Following are highlights from the Q&A session with speakers Marc Schein, national co-chair of the Cyber Center of Excellence at the world’s largest insurance broker, Marsh McLennan Agency (MMA); James Tuplin, head of international at Mosaic Insurance; Natalie Graham, head of claims at Mosaic Insurance; Daniel Kasper, cyber risk researcher and economist at Cyber Economics; and Nicholas Cramer, senior director of global cyber risk partnerships at Sophos. Moderating the Q&A session was Sally Adam, Sophos director of marketing.
Question from Sally Adam: Is there a correlation between companies taking cyber insurance and ransomware attacks on those companies?

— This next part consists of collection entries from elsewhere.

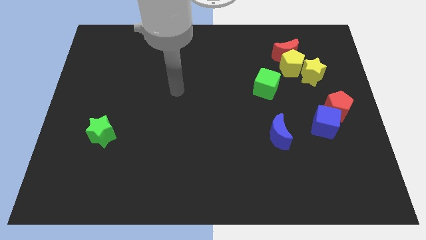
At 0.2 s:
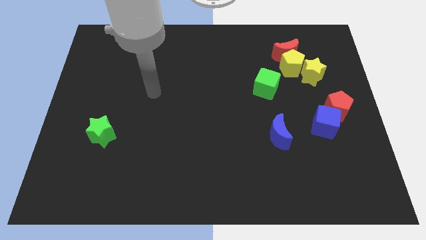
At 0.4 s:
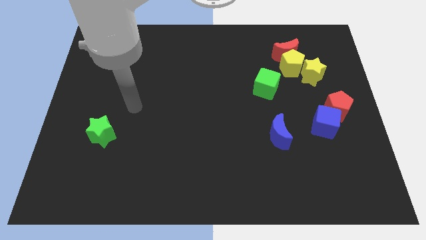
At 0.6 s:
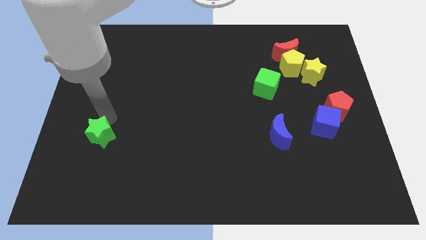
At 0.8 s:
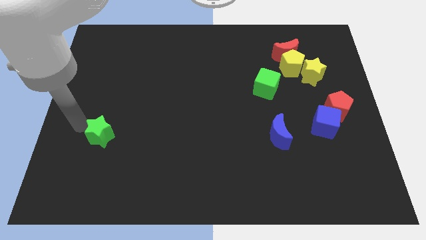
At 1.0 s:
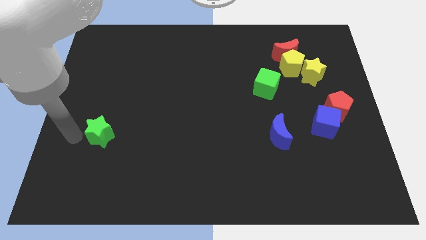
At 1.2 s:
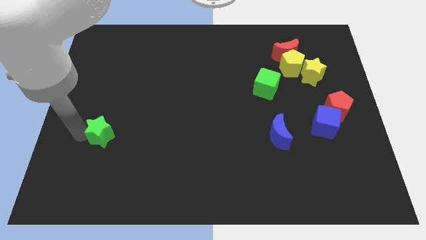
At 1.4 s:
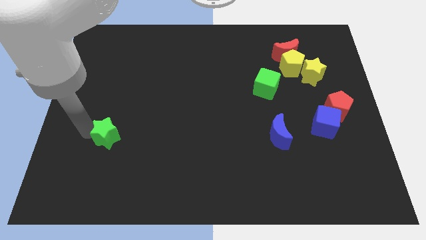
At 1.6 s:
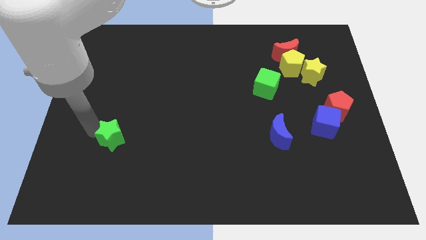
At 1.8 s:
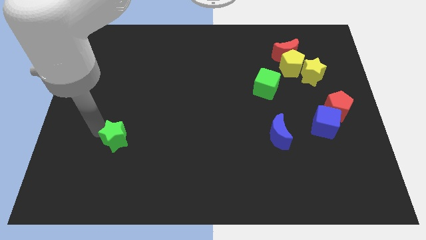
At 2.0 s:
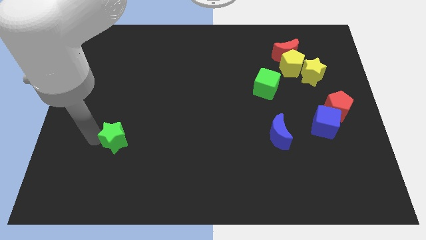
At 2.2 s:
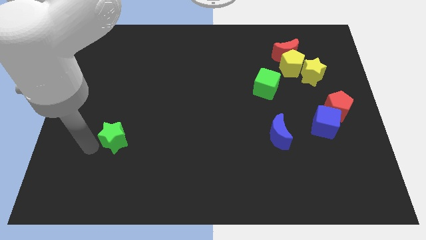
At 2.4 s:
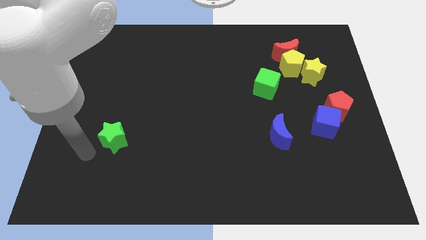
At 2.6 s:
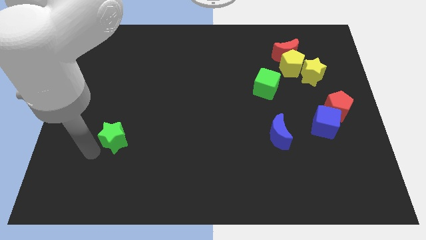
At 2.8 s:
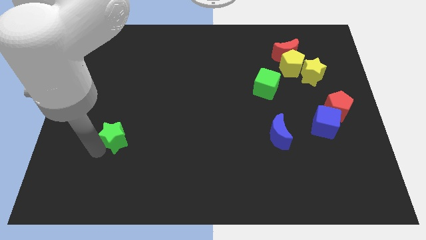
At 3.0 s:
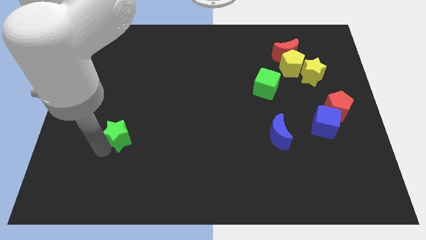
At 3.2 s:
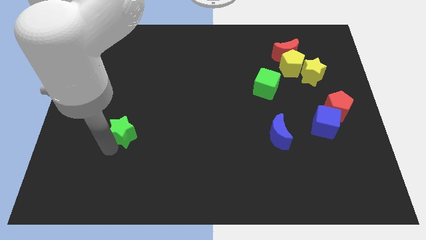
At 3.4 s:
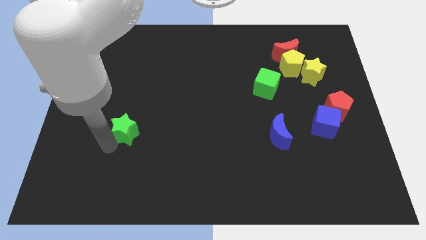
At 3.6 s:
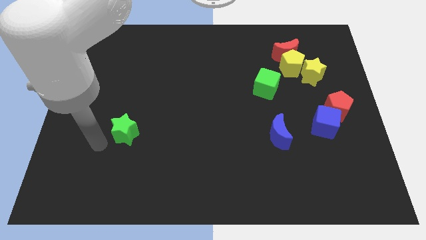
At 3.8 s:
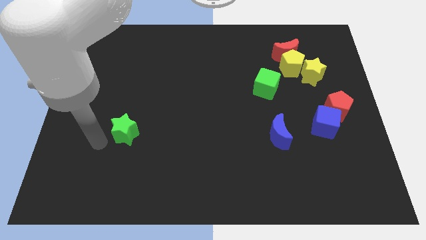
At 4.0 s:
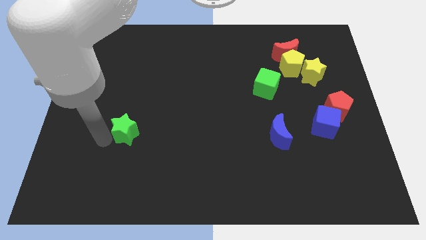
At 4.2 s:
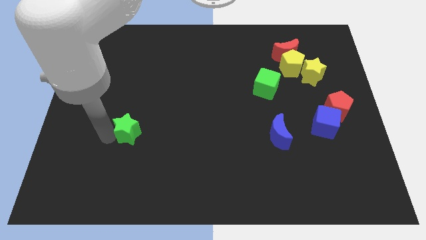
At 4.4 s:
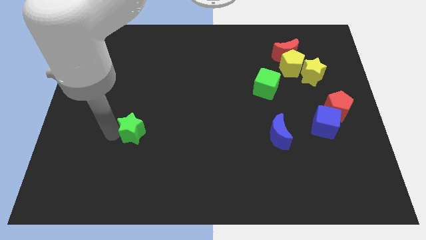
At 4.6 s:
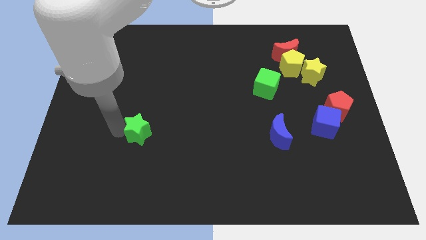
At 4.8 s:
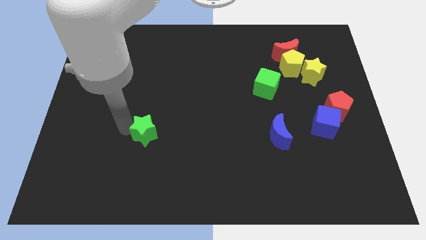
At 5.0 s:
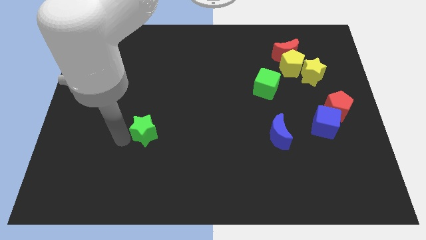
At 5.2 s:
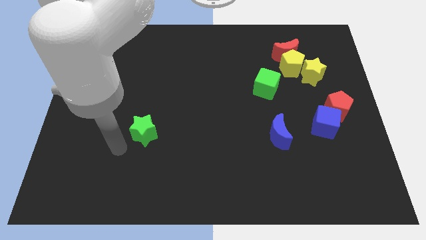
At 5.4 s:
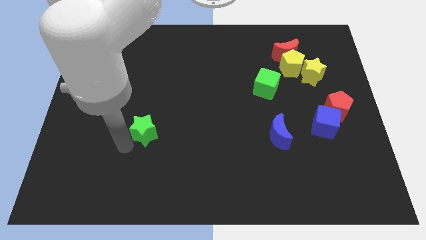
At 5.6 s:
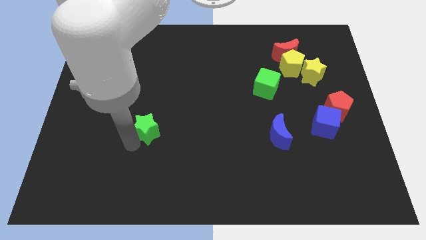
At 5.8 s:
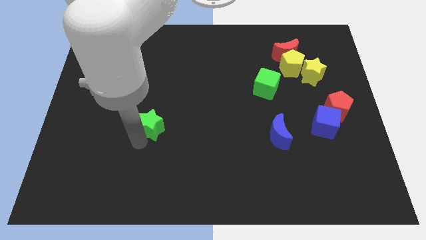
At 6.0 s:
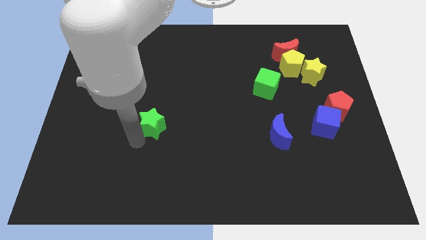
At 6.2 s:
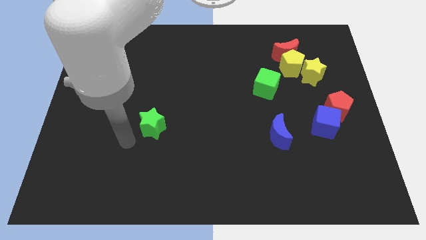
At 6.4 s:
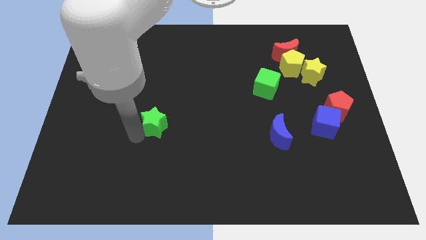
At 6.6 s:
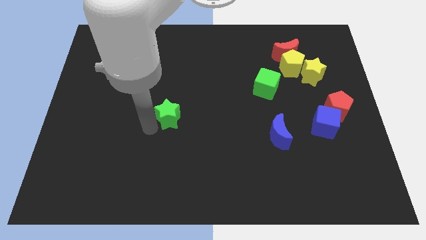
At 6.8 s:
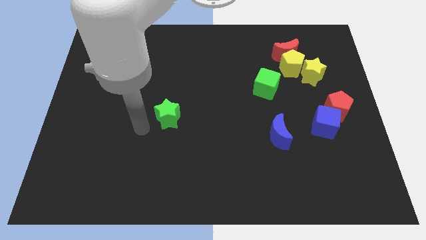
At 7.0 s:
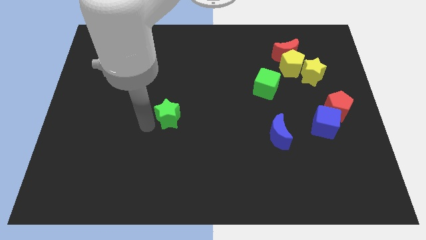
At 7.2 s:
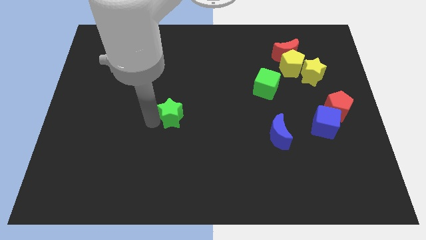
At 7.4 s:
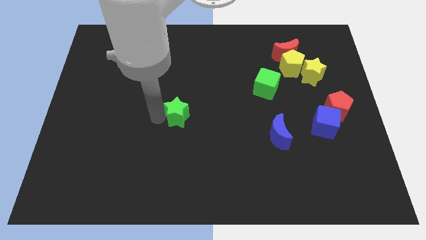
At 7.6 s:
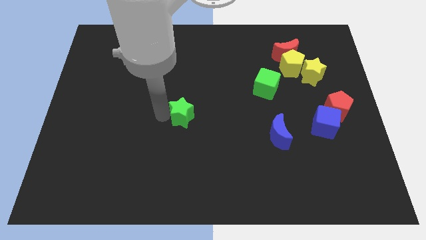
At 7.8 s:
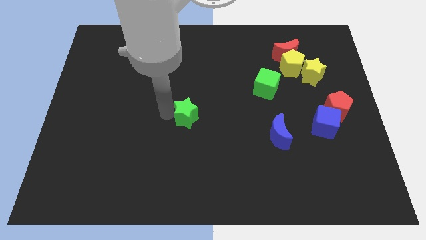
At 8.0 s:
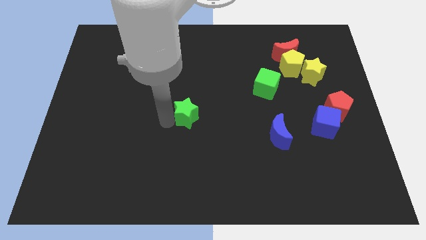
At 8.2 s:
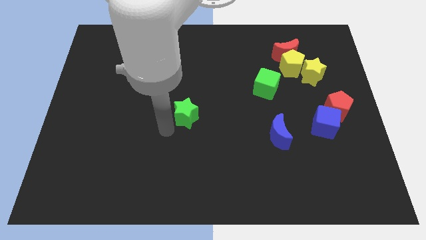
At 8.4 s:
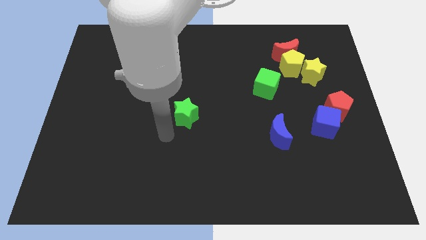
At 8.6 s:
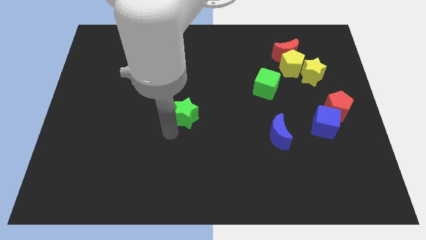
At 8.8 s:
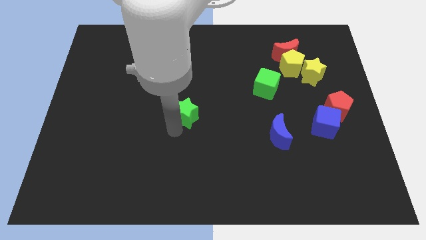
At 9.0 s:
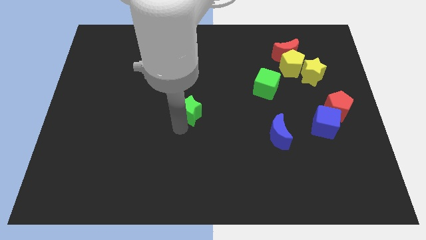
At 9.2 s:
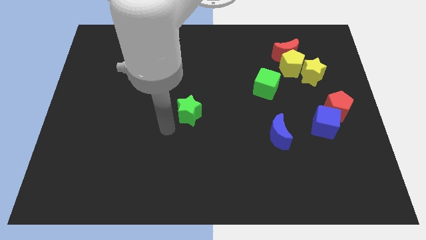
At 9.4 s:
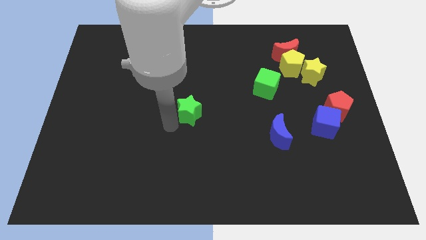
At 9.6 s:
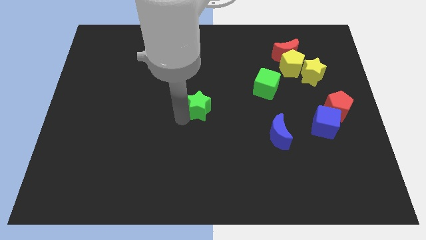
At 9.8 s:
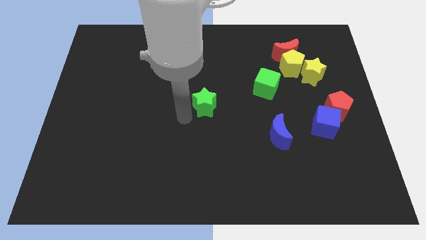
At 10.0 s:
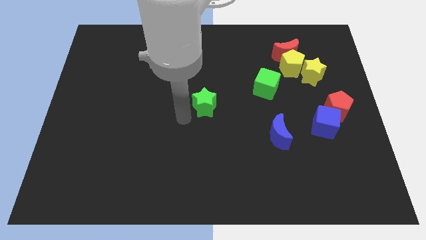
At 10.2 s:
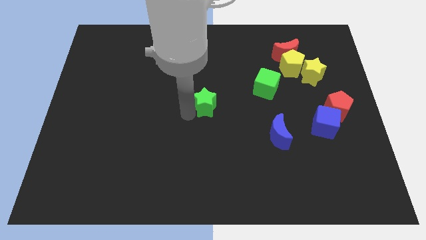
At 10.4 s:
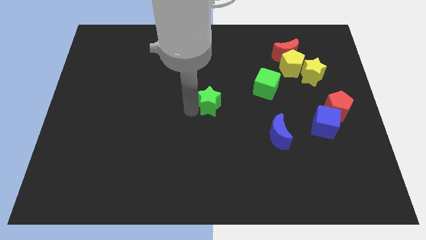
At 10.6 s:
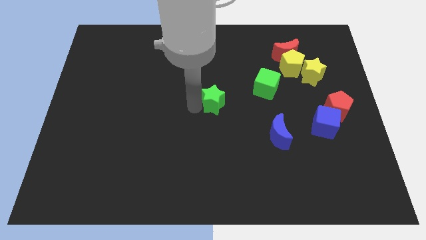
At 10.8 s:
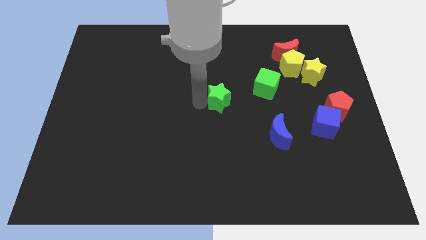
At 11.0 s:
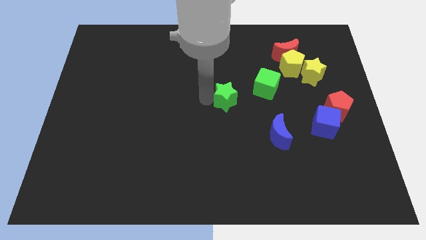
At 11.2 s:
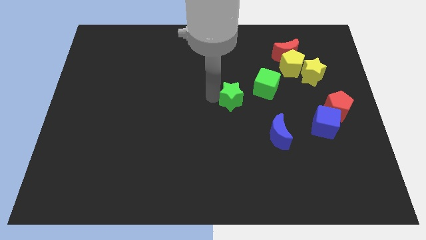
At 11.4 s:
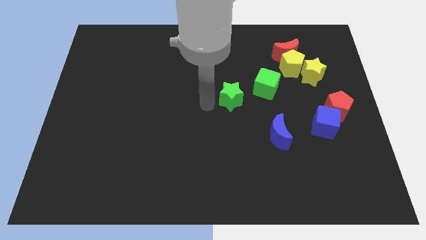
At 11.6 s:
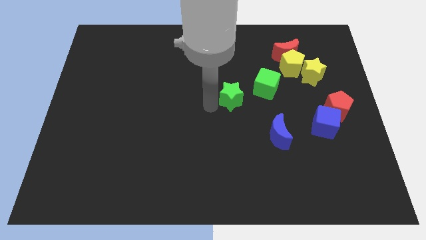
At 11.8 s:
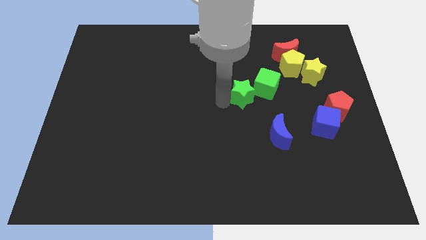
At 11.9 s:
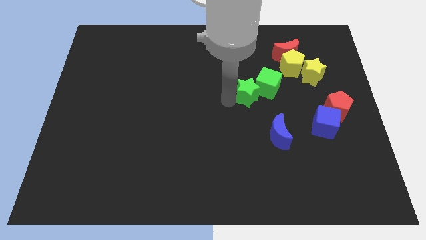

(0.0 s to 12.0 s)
slide the green star next to the green cube

Answer from Daniel Kasper: Yes, very likely there is. It’s very hard to quantify, but during the Ukrainian – Russian war in recent weeks, we saw one of the largest ransomware attacks from the REvil group, exposing it as being very closely connected to the Russian government. Also released was evidence of a huge data leak including the chat logs. Analysis is going on currently, but from what we have seen so far, they are a criminal group that tries to get as much money as possible. If an organization has insurance coverage amount of 10 million, it will try to export 2 million.

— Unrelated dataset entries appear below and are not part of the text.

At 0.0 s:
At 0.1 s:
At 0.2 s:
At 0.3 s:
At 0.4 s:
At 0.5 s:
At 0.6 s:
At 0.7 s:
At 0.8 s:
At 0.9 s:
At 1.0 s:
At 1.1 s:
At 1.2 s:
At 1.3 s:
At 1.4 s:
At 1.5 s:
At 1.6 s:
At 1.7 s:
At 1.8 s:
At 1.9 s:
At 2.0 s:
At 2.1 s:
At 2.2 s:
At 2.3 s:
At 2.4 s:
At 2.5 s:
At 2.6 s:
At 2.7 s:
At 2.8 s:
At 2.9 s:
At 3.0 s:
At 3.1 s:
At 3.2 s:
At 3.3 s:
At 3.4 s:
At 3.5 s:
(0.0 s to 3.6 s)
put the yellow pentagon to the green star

Q: James, if there is full coverage for ransomware payments, how much cover is available for remediation costs?
Answer from James Tuplin: The policy should have various elements that we normally just split policies between the two elements. Let’s say you’ve got coverage for extortion. There may be a specific limit to an extortion payment, and there will also be coverage for the business interruption caused by the ransomware. There may be a specific limit to that.

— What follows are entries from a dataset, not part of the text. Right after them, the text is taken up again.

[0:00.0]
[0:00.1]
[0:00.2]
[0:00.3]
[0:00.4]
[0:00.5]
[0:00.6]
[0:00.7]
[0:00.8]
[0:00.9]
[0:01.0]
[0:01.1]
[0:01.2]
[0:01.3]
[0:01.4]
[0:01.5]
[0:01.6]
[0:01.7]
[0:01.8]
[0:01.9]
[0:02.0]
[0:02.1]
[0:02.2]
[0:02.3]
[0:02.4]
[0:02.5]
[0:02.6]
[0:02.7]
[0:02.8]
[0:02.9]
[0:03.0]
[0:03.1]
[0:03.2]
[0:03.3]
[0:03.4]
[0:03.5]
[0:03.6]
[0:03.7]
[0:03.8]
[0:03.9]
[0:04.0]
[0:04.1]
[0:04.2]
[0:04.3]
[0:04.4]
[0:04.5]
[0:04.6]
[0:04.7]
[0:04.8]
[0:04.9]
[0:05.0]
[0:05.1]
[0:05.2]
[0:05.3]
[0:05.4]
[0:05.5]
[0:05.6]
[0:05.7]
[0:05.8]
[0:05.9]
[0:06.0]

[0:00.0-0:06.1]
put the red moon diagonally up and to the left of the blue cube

There will also be coverage for actually fixing the problem, getting your IT forensic team to get rid of the ransomware and clean your computers. And again, you may find distinct limits for that as well. But all [policies] will come with a one, overall aggregate limit. If you can get a policy that has a 10 million limit, and you have full limits for each side, then it depends on the event.
Obviously, if you spend 10 million on just fixing the problem, there’s nothing left in your policy to pay the ransom or the business interruption. But in that sense, if you’re likely to face an event that big you should be buying more insurance so if you have 30, 40, or 50 million in commercial exposure, you have enough to spend on each of the elements.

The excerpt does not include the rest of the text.